# WHAT NEEDS TO BE DONE
Please restate, word for word, the lines below that begin at the one with "cover by kind: coniferous" and end at the one with "longitude: 10.9200". Leave out all other lines.

# Stored data entries
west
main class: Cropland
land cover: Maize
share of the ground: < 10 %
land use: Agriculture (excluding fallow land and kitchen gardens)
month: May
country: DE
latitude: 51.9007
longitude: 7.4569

---

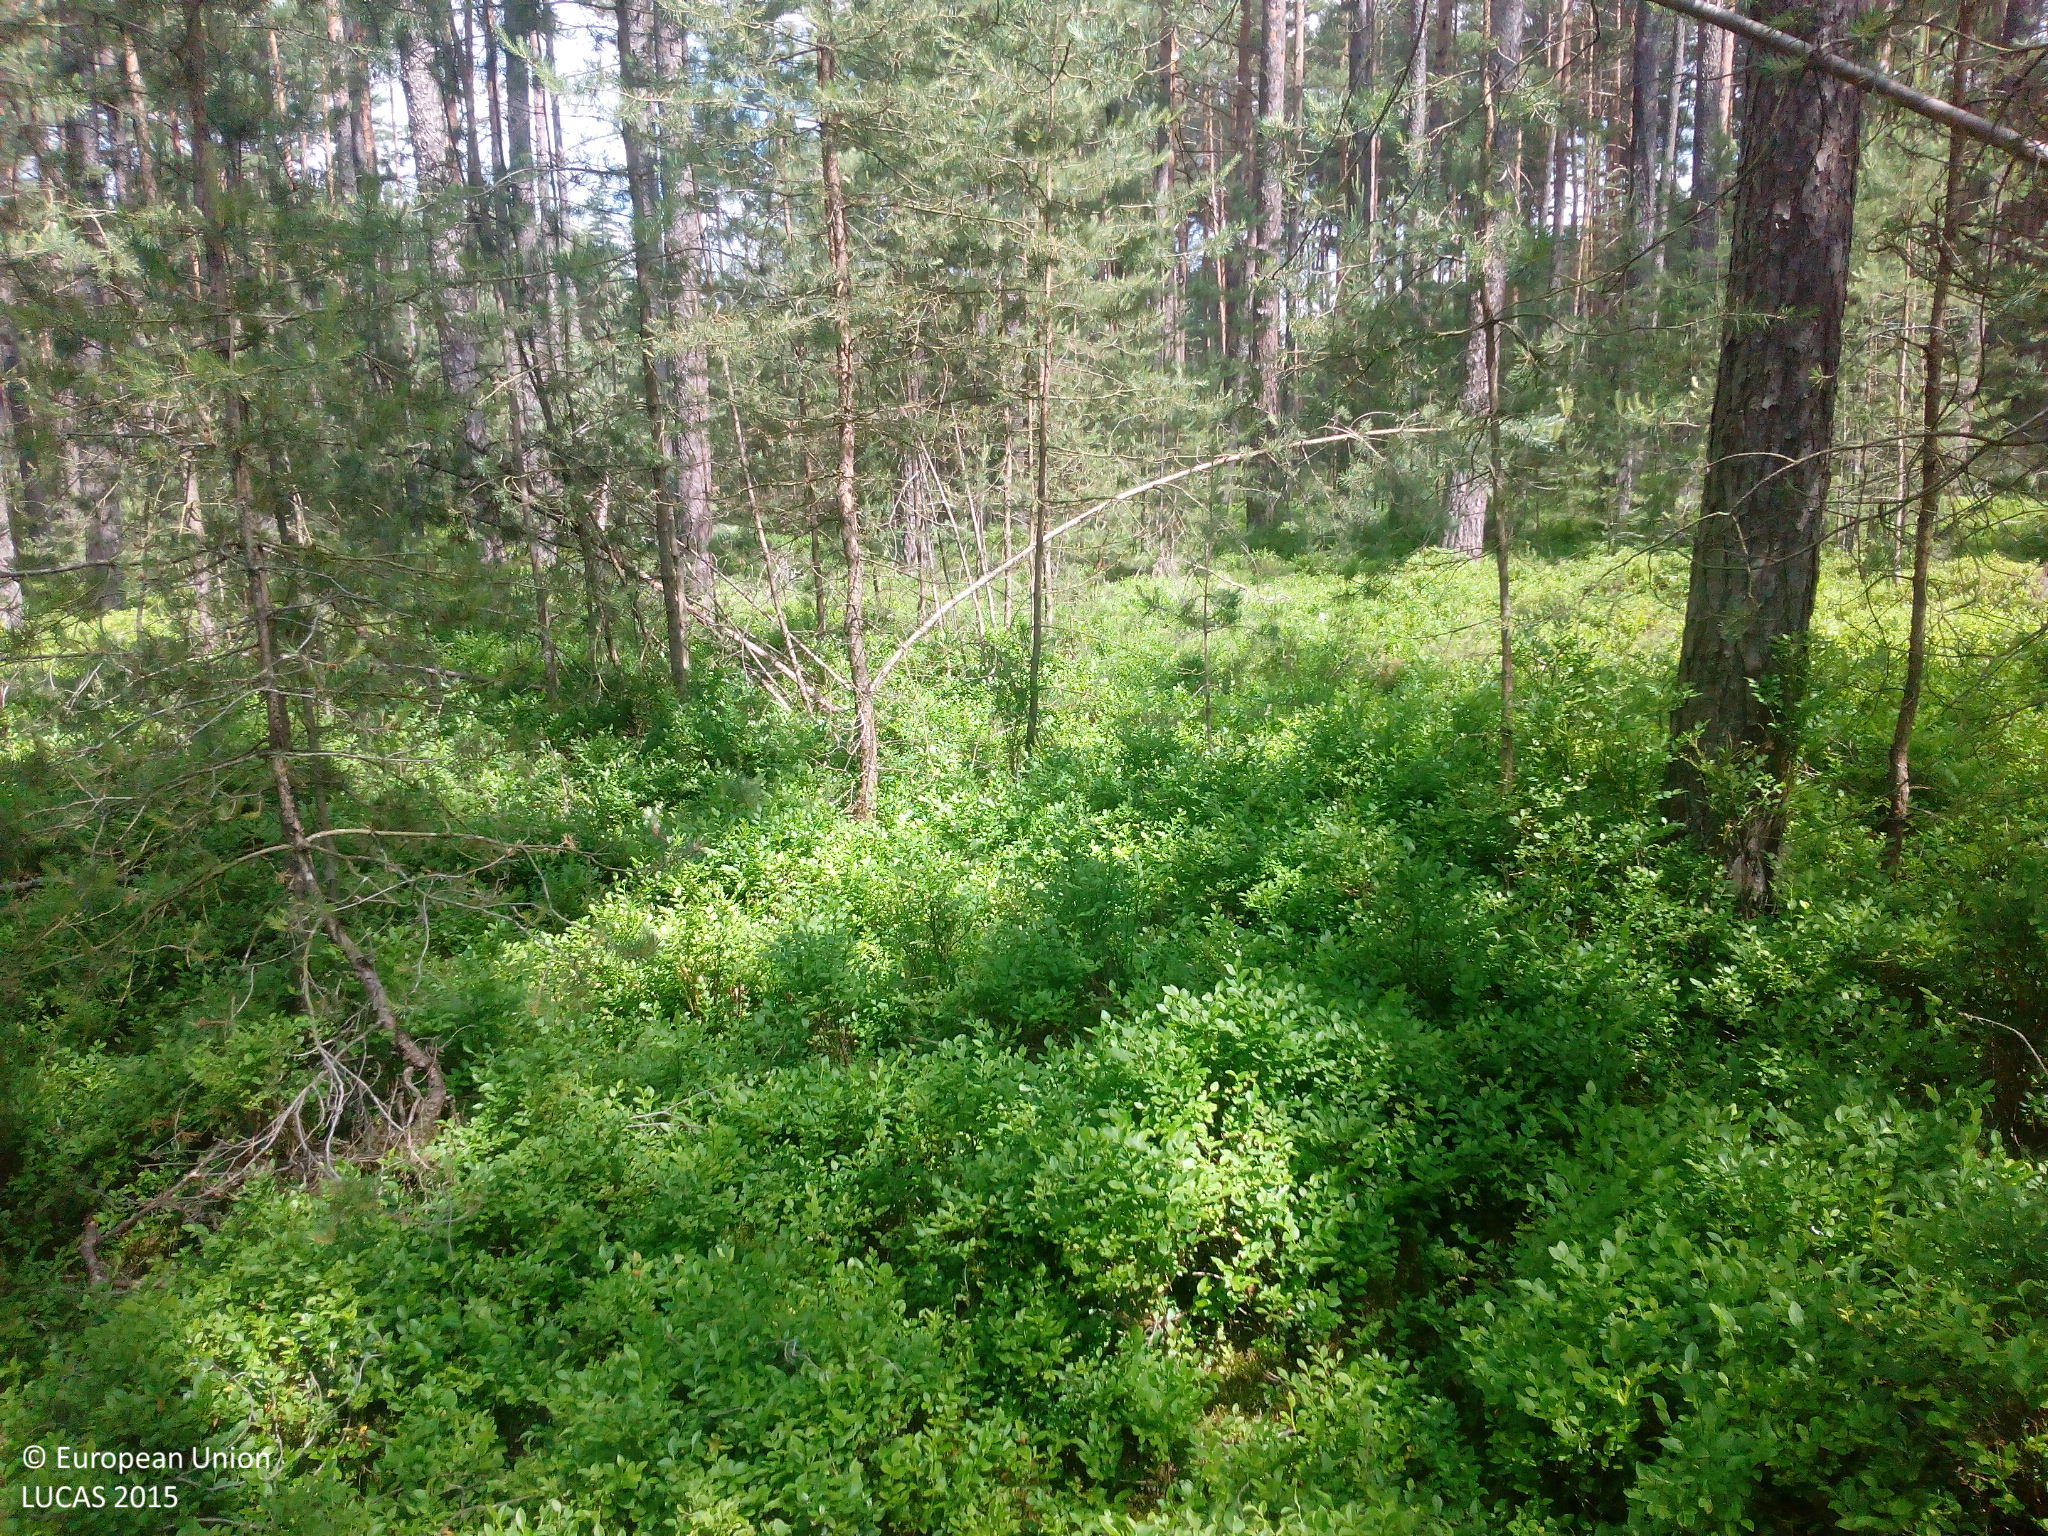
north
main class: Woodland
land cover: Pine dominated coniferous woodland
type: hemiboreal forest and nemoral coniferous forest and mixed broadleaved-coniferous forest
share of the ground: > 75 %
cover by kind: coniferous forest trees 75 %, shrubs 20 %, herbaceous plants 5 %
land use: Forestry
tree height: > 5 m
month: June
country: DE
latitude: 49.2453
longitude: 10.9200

# SOLUTION FOR THIS EXERCISE
cover by kind: coniferous forest trees 75 %, shrubs 20 %, herbaceous plants 5 %
land use: Forestry
tree height: > 5 m
month: June
country: DE
latitude: 49.2453
longitude: 10.9200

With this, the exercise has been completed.